Comment Covid-19 functionne comme pauze pour revoir la gastronomie mondiale
En Italie, le secteur de l'hôtellerie et de la restauration sur le pied de guerre a été reporté au 1er juin avec l'entrée en vigueur du dernier Dpcm sur la gestion de la phase 2, non seulement en raison de la date de réouverture, mais aussi à cause de l'incertitude et de l'absence presque totale de soutien économique et juridique adéquat.
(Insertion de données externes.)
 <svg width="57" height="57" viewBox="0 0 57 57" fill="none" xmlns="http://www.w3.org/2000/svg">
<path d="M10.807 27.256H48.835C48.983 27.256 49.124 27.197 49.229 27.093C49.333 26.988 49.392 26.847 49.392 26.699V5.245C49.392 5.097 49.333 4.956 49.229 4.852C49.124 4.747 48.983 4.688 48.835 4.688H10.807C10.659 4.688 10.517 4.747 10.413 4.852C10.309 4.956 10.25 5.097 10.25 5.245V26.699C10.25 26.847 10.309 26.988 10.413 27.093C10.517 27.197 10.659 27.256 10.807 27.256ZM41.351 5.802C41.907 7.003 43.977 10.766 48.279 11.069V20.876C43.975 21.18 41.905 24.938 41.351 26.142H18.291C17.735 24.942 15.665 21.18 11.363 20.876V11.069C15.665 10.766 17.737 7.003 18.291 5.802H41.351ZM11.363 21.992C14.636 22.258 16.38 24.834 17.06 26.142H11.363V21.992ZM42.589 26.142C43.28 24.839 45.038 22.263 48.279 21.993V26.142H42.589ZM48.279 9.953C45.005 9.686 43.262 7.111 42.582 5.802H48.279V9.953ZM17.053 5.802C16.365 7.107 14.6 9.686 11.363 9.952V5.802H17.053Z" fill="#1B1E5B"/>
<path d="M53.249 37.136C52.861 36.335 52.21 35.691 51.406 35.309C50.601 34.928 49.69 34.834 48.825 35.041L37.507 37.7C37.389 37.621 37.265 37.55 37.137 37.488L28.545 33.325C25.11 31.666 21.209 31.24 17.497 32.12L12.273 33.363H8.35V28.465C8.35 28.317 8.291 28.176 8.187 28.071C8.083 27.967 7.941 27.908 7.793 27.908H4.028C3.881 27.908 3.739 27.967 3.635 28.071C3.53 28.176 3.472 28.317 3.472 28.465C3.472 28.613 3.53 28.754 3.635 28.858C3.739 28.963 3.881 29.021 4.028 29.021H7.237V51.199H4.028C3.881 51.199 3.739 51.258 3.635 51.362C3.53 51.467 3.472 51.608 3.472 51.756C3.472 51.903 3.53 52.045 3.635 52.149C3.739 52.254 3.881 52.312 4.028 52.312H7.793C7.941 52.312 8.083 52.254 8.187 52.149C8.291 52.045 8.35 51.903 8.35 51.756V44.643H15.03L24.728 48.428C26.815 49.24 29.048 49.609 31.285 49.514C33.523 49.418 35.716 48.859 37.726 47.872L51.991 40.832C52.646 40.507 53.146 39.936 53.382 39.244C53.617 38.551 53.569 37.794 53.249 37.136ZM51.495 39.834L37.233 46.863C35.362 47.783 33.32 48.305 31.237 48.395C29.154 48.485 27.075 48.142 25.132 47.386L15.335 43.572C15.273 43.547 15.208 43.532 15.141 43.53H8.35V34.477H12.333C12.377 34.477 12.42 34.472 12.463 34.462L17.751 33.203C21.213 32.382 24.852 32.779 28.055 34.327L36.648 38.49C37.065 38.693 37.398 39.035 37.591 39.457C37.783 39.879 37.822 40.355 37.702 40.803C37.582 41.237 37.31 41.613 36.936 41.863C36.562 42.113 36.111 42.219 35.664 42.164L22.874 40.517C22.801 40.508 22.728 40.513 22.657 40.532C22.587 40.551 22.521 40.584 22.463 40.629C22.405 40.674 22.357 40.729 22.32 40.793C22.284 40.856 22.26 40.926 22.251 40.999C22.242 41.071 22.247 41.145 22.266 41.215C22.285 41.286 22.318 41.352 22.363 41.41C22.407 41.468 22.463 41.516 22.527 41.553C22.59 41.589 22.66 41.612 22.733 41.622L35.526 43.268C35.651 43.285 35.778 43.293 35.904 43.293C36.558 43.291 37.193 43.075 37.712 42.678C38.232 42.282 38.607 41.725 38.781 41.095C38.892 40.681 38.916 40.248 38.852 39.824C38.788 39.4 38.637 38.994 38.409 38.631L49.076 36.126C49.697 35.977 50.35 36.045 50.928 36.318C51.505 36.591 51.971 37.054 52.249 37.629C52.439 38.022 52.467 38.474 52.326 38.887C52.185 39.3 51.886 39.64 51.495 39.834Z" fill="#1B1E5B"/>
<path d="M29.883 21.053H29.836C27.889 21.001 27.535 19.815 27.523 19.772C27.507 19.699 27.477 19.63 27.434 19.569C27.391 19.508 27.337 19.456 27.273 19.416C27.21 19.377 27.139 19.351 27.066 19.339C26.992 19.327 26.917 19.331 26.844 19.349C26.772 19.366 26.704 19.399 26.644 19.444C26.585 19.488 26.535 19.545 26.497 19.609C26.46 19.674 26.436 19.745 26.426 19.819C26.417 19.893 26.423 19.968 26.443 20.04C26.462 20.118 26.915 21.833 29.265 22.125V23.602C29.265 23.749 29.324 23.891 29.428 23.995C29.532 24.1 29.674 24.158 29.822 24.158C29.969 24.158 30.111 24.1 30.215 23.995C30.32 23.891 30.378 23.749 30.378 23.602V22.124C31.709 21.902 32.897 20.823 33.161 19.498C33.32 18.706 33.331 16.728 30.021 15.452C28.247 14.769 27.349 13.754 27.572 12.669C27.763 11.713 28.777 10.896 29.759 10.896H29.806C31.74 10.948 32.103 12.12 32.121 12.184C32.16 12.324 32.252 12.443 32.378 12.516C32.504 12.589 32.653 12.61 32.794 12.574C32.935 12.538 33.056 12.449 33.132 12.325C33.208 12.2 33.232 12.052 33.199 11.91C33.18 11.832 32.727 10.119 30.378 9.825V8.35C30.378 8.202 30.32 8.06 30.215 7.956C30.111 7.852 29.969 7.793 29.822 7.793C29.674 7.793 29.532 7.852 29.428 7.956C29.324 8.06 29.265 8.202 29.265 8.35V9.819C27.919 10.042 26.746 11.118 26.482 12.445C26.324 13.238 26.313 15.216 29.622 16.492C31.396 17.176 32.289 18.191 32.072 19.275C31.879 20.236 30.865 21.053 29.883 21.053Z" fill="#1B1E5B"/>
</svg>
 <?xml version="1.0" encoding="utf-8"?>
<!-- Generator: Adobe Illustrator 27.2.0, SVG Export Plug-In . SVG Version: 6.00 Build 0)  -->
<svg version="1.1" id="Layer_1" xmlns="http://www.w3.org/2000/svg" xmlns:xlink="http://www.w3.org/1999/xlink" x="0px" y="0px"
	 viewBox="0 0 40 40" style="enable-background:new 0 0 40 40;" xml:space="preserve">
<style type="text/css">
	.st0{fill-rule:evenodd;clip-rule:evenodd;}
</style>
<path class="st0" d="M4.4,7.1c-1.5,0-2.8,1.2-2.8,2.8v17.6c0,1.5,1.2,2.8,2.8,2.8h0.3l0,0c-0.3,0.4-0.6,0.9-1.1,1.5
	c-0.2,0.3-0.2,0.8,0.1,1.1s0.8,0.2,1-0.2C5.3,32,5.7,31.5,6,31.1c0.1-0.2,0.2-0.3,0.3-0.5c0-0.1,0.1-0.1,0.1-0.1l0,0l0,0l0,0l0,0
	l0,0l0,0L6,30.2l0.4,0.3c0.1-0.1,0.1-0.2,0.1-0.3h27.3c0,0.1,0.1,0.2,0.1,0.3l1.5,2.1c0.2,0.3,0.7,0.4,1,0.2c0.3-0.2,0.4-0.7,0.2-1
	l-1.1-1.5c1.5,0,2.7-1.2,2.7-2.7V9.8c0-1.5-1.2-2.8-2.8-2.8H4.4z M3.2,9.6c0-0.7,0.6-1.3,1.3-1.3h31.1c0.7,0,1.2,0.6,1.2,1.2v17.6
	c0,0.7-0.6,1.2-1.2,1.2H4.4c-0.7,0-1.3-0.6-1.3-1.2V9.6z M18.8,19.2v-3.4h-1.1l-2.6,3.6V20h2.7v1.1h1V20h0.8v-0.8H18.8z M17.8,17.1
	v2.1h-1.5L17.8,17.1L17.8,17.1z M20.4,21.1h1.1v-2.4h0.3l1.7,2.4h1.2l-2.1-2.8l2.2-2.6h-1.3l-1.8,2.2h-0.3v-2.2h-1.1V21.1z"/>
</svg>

Des problèmes que des milliers - voire des millions - de restaurateurs du monde entier connaissent ou connaîtront, qui voient la terre sous leurs pieds manquer. Des restaurateurs également qui connaissent d'autres besoins, des situations plus ou moins urgentes, qui conduisent à des réflexions profondes sur le rôle de la gastronomie à la lumière des défis d'aujourd'hui, mais aussi sur les formes qu'elle peut et doit prendre demain, lorsque l'urgence de Covid-19 sera passée.
Ces thèmes ont été au cœur de la conférence en ligne "Comment la gastronomie relève-t-elle le défi du virus Corona", organisée par le Centre culinaire basque, l'un des principaux centres de formation, de recherche et d'innovation pour le développement du secteur de la gastronomie dans le monde, fondé à Saint-Sébastien en 2009.
Autour de la table - virtuellement - un panel de chefs et de protagonistes de la gastronomie du monde entier, de l'Espagne au Venezuela, de la Grande-Bretagne au Brésil, au Ghana, suivi par près d'un millier de journalistes du secteur. 
Deux d'entre eux sont finalement les grands thèmes qui ont émergé : le premier concerne l'actualité et donc la course à la solidarité, en utilisant les connaissances et l'énergie pour donner un repas chaud à ceux qui en ont besoin.
Un sujet qui est tout sauf anodin, car l'urgence sanitaire a également transformé les villes occidentales en "zones de guerre", et dans les pays les plus pauvres, où la crise contribue à des ralentissements économiques structurels et à des systèmes politiques antidémocratiques, celui des chefs est devenu une véritable mission.
Et il faut en imaginer les conséquences, non seulement d'un point de vue organisationnel, mais aussi d'un point de vue philosophique, car ce long enfermement a suscité des réflexions profondes, et partagées pour la plupart dans le monde de la haute cuisine, sur le rôle de la gastronomie elle-même, comme élément fondamental de la durabilité et du respect de l'environnement.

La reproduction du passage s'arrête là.